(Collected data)
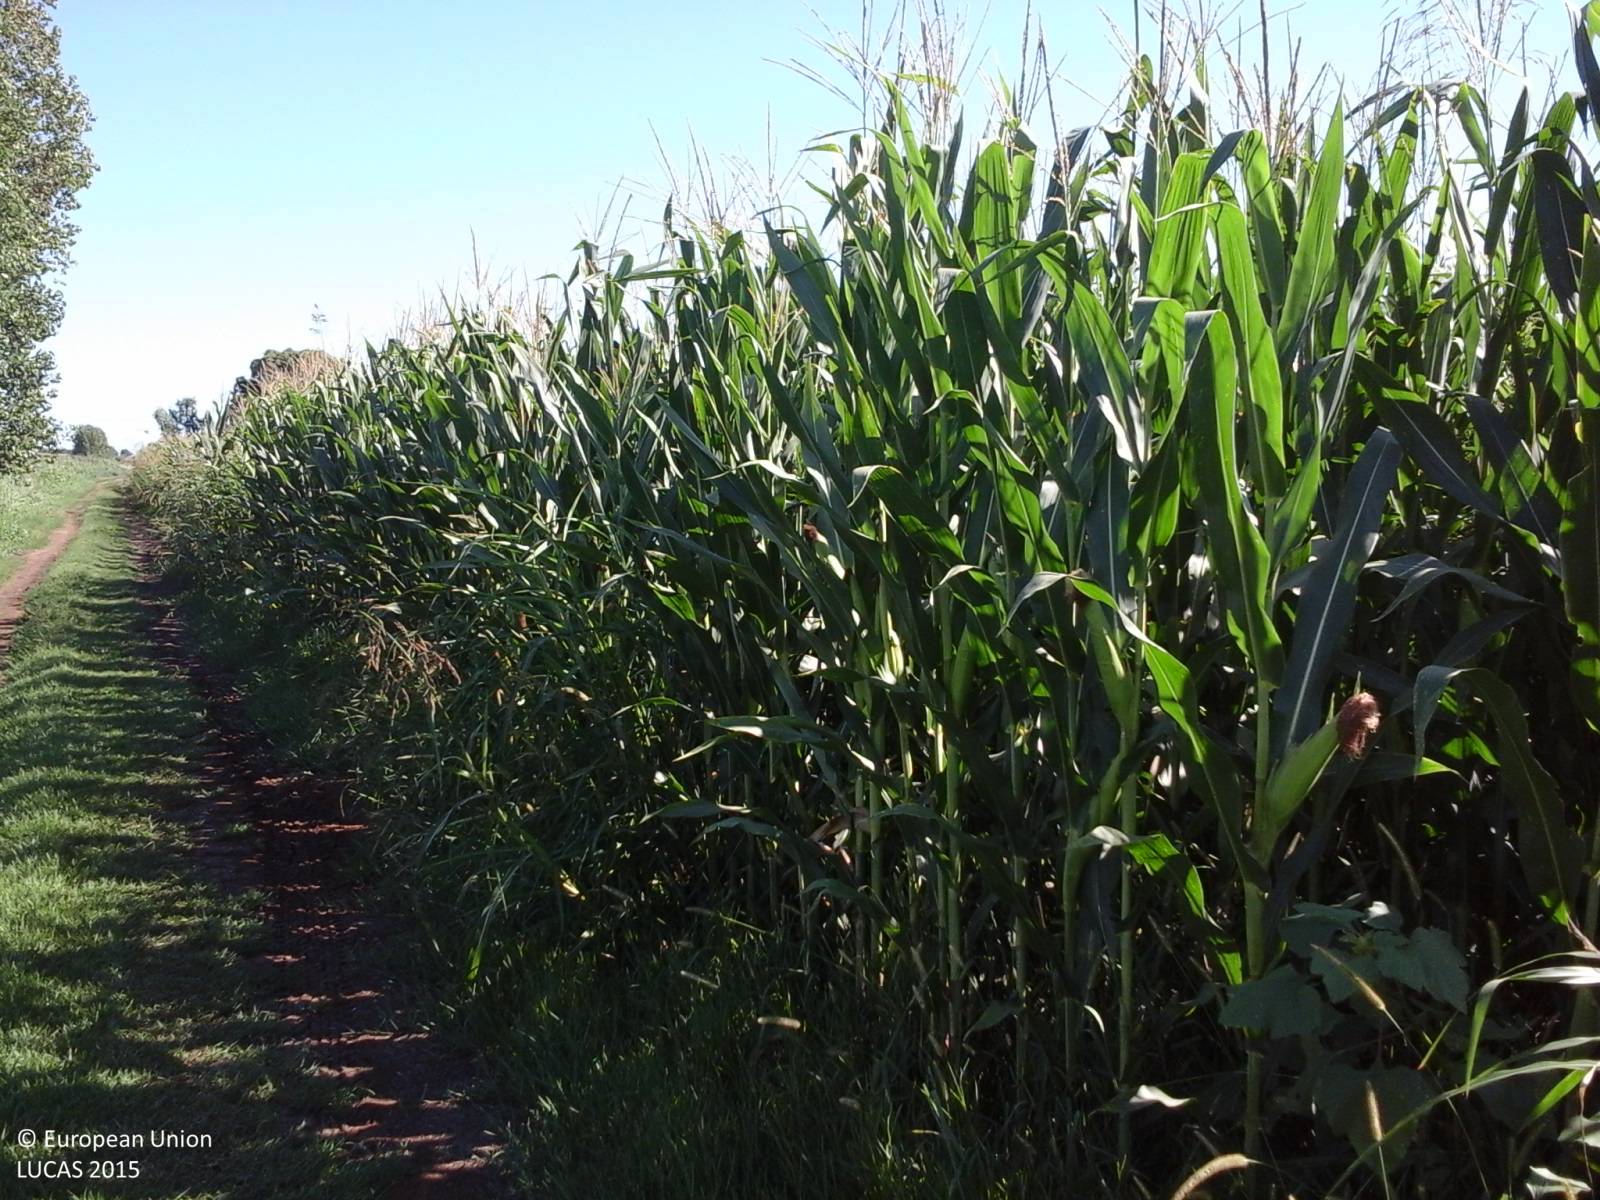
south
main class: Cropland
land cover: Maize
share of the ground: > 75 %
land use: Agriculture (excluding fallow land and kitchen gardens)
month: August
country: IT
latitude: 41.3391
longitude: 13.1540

==

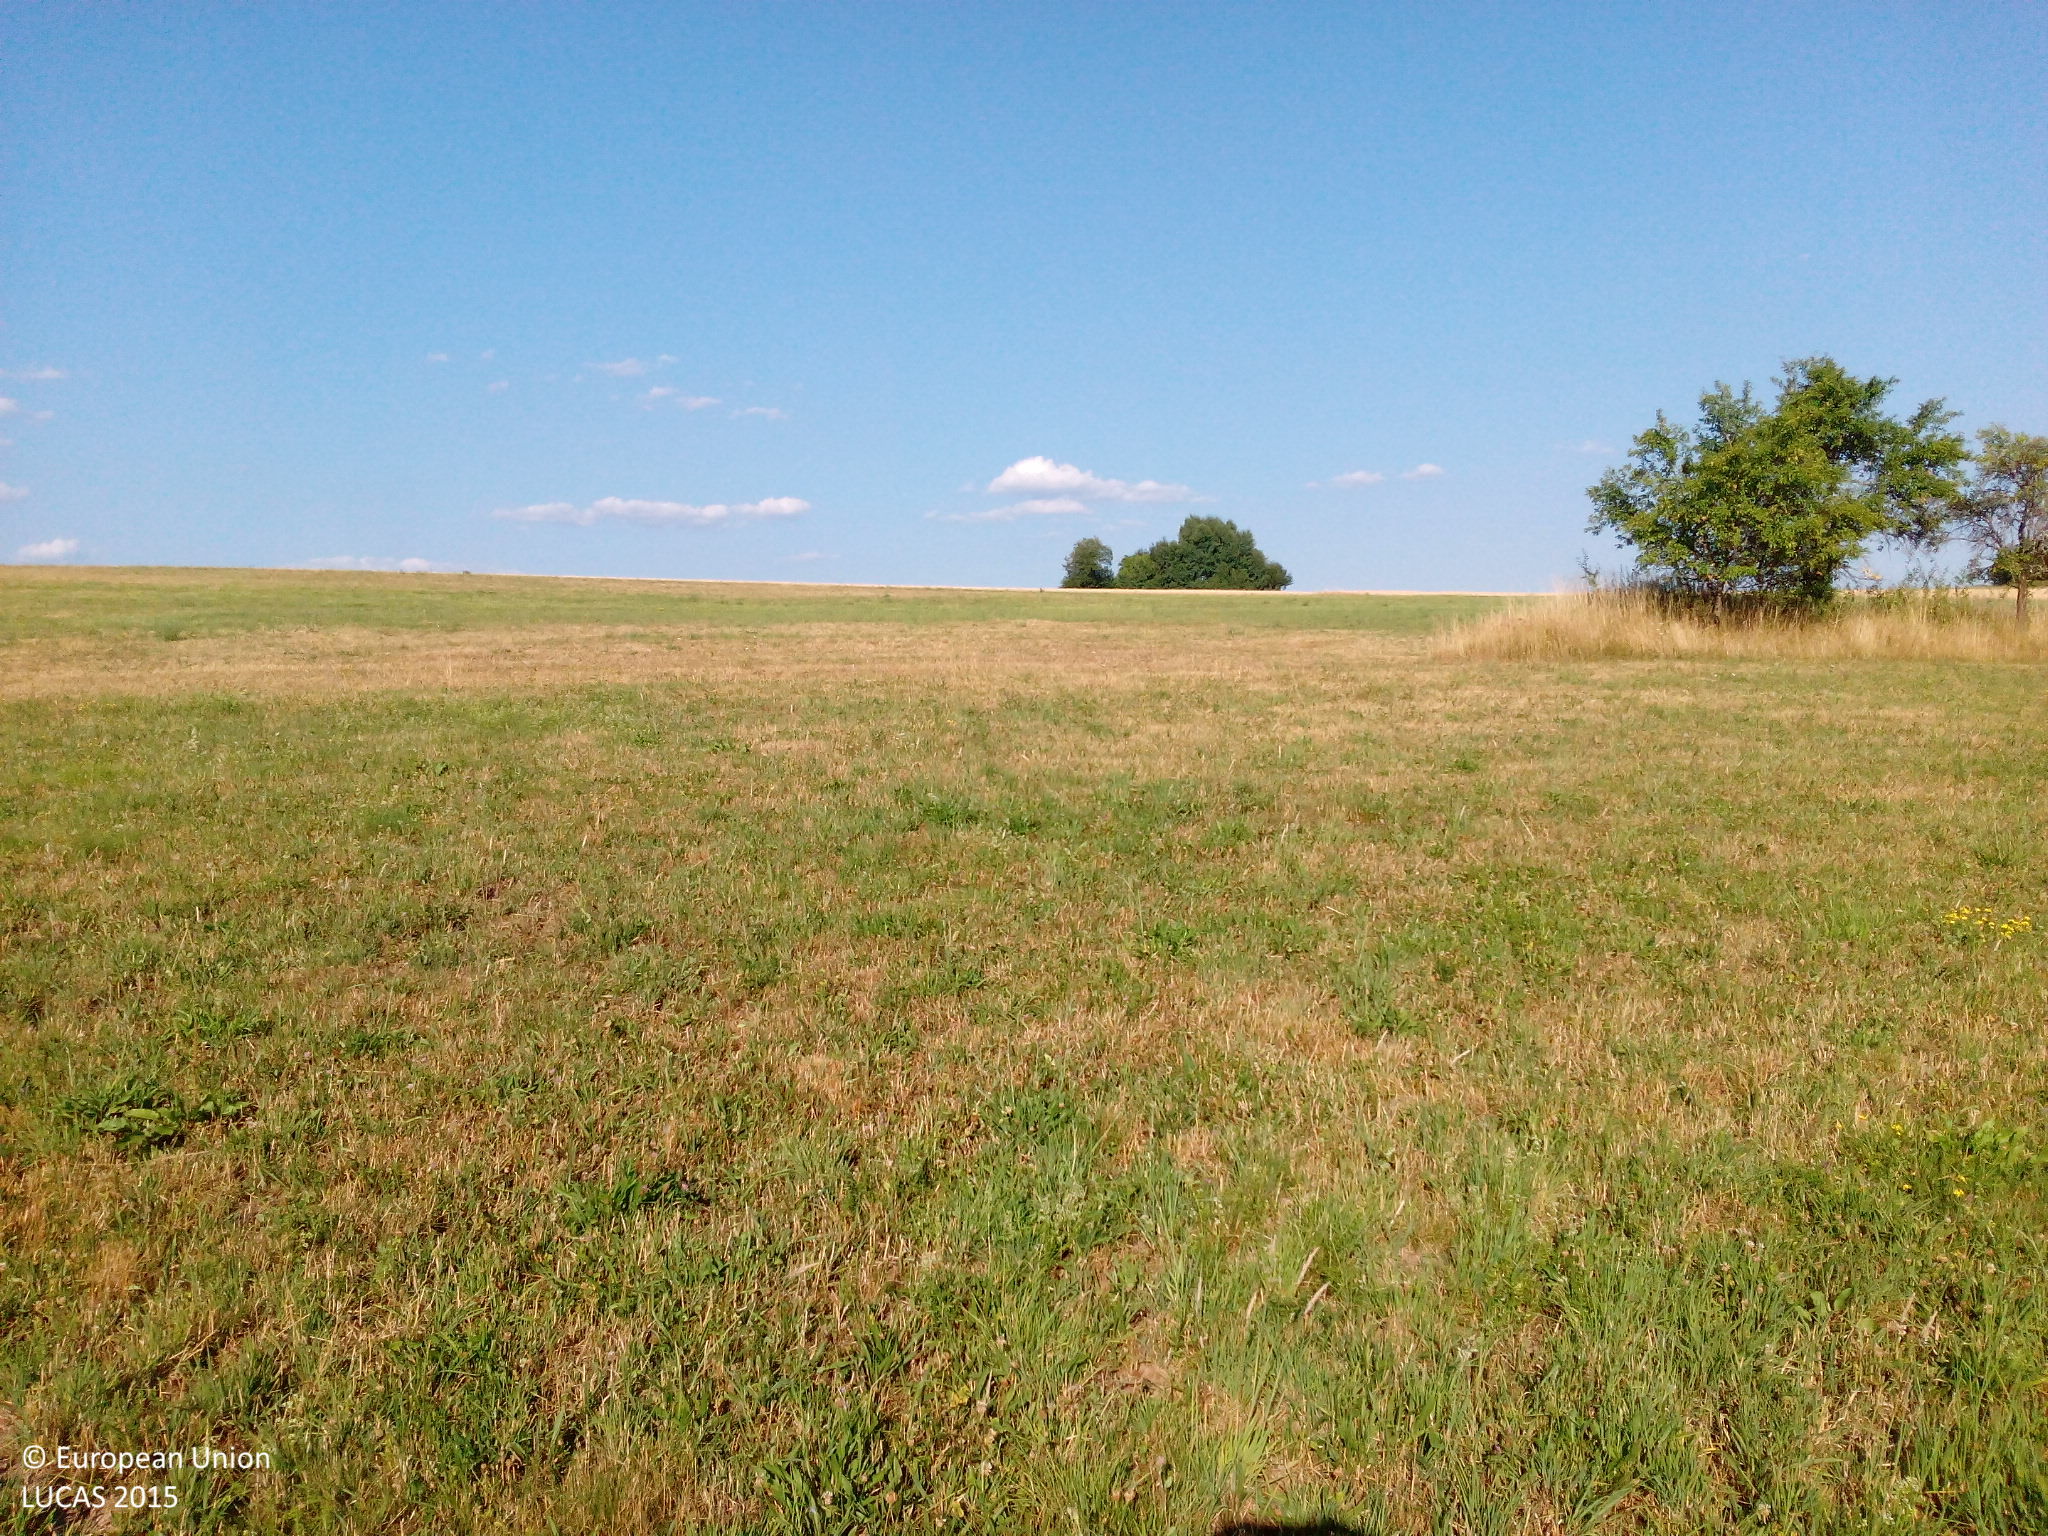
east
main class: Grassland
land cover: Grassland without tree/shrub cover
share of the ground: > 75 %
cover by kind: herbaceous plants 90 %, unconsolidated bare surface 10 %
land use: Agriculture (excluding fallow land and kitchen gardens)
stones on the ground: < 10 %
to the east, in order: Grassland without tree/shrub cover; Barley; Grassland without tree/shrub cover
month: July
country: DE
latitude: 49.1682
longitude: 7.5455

==

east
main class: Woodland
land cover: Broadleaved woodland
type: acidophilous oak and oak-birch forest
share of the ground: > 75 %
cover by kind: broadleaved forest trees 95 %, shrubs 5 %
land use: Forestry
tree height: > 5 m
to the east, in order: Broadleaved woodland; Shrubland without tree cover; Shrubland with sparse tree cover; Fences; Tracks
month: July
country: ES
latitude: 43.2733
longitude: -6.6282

Requirement → Copy every line above in which the string "Grassland" shows up.

Problem solution →
main class: Grassland
land cover: Grassland without tree/shrub cover
to the east, in order: Grassland without tree/shrub cover; Barley; Grassland without tree/shrub cover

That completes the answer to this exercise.